## What you will do
Reproduce the entries from their first line up to and including the line with "Echo time: 0.071 s". Leave out everything after it.
******************************
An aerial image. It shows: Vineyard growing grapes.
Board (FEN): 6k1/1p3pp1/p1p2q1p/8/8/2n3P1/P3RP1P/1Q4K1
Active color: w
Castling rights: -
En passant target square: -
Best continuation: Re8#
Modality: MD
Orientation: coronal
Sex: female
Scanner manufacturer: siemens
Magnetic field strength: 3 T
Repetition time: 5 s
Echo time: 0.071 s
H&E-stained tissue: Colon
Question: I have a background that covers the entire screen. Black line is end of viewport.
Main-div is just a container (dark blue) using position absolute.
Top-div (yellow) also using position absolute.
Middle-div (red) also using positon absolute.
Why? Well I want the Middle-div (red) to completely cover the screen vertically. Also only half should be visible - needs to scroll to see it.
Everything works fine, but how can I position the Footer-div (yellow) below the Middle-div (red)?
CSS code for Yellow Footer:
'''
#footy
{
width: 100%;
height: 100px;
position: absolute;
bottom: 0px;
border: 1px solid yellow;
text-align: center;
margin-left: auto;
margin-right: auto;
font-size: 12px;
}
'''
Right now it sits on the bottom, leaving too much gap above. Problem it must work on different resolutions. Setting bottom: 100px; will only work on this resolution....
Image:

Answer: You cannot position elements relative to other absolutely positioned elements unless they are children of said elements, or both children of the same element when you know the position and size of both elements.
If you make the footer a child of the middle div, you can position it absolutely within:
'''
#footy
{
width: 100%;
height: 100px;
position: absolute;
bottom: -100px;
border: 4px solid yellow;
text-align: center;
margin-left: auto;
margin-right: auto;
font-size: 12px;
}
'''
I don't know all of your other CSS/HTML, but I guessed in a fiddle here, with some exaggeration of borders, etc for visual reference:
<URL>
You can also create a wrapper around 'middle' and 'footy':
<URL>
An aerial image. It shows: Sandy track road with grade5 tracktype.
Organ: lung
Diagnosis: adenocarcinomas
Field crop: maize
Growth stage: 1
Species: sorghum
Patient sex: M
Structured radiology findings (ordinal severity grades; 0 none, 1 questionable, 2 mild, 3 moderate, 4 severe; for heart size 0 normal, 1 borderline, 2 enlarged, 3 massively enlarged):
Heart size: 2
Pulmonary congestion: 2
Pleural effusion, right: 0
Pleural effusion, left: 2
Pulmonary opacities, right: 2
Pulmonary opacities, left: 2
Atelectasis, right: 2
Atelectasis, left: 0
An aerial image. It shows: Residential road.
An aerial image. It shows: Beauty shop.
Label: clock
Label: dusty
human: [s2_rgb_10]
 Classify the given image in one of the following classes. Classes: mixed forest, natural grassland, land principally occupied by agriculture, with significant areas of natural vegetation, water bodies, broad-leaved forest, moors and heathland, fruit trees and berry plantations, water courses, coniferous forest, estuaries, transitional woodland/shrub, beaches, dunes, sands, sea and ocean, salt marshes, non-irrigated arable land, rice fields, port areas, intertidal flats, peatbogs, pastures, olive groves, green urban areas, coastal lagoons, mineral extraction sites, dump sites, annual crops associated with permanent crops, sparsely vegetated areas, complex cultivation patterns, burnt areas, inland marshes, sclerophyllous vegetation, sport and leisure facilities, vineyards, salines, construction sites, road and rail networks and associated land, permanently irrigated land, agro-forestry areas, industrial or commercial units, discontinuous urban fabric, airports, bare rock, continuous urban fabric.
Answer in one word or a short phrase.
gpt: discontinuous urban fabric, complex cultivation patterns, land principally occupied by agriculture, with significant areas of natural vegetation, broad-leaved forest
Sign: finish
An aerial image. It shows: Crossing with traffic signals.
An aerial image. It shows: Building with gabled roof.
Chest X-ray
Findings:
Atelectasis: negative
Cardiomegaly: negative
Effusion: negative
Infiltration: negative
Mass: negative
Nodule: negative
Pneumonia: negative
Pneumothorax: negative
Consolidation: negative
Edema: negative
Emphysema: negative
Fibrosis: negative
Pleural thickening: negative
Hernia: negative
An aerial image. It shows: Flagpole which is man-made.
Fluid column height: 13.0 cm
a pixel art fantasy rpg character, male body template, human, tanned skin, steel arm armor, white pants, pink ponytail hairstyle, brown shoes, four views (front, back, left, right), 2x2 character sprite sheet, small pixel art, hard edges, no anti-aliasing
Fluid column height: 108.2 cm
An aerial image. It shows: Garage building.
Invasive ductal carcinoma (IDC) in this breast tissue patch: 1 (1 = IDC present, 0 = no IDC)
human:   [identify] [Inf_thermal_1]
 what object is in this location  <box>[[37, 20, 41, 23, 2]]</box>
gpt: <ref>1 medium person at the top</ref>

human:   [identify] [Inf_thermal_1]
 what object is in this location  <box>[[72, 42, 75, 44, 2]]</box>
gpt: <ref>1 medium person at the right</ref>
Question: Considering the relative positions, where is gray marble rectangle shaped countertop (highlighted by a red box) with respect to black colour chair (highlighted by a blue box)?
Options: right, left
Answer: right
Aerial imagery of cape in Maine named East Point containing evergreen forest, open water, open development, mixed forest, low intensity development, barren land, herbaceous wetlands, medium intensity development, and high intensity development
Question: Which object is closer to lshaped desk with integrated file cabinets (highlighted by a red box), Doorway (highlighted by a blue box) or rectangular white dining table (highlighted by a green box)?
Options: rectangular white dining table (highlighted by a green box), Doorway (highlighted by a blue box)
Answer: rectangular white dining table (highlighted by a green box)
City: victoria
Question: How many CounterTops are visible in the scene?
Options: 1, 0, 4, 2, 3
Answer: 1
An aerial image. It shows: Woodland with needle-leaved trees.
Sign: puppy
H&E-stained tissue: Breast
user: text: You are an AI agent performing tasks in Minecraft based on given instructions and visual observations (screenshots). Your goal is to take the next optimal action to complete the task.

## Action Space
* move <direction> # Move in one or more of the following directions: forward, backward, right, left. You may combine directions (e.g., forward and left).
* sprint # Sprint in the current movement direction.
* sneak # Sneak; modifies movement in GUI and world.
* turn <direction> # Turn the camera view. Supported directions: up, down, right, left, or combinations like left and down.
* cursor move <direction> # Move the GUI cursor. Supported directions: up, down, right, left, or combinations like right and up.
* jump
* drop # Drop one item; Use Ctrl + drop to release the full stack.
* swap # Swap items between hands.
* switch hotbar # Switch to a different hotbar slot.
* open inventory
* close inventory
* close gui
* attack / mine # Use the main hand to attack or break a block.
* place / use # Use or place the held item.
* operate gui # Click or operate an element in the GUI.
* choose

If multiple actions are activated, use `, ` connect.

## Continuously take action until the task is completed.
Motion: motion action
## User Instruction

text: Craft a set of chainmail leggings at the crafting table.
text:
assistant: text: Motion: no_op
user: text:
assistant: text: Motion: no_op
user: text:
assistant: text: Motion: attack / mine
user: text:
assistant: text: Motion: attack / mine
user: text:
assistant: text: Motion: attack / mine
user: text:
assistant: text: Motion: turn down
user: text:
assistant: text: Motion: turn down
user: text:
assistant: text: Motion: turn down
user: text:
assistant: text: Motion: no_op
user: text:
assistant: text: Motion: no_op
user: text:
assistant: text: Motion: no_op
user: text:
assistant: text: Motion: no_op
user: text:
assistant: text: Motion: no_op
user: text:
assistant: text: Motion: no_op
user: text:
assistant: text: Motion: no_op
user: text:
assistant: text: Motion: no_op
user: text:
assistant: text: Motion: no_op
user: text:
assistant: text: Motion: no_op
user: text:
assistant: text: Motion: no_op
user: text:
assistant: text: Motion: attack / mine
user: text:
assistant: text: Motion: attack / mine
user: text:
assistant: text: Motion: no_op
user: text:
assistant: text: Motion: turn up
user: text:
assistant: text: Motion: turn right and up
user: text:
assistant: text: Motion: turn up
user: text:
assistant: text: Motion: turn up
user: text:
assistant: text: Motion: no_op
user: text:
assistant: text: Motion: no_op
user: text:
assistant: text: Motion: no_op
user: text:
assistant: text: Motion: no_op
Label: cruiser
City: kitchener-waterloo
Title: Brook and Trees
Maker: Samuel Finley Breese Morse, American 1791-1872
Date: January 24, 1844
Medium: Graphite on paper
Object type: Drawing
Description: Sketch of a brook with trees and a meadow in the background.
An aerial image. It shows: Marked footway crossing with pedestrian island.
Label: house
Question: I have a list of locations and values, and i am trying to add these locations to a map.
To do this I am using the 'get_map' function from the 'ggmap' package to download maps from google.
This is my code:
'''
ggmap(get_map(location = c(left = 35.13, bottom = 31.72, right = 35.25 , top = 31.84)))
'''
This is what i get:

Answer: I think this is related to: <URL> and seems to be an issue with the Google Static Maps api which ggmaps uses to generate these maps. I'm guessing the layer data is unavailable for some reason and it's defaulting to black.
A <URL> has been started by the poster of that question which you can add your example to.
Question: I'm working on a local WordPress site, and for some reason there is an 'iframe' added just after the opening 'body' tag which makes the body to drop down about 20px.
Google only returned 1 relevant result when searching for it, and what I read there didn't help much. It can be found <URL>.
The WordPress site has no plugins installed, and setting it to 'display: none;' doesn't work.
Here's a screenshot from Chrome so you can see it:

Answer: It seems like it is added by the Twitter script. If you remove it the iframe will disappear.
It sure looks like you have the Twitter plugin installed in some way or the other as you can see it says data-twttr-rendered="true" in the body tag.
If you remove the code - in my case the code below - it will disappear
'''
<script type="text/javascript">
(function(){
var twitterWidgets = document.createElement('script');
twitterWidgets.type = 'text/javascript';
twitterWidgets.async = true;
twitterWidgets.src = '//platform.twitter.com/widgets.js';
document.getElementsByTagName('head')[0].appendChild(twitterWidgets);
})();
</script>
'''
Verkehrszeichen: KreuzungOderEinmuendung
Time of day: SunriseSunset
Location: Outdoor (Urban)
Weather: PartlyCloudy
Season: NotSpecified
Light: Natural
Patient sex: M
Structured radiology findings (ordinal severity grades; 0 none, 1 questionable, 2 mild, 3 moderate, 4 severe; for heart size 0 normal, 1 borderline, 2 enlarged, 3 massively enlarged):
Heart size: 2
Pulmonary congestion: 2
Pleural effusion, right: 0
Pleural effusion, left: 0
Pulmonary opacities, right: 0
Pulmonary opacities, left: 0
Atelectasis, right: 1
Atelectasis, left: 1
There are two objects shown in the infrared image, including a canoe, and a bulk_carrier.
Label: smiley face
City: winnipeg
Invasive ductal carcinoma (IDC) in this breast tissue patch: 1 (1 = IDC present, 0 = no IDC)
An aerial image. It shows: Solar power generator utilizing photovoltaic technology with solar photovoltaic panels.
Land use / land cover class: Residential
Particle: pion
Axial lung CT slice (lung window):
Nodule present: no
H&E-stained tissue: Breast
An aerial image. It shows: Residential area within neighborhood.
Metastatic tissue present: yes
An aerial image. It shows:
******************************
## Response to this exercise
An aerial image. It shows: Vineyard growing grapes.
Board (FEN): 6k1/1p3pp1/p1p2q1p/8/8/2n3P1/P3RP1P/1Q4K1
Active color: w
Castling rights: -
En passant target square: -
Best continuation: Re8#
Modality: MD
Orientation: coronal
Sex: female
Scanner manufacturer: siemens
Magnetic field strength: 3 T
Repetition time: 5 s
Echo time: 0.071 s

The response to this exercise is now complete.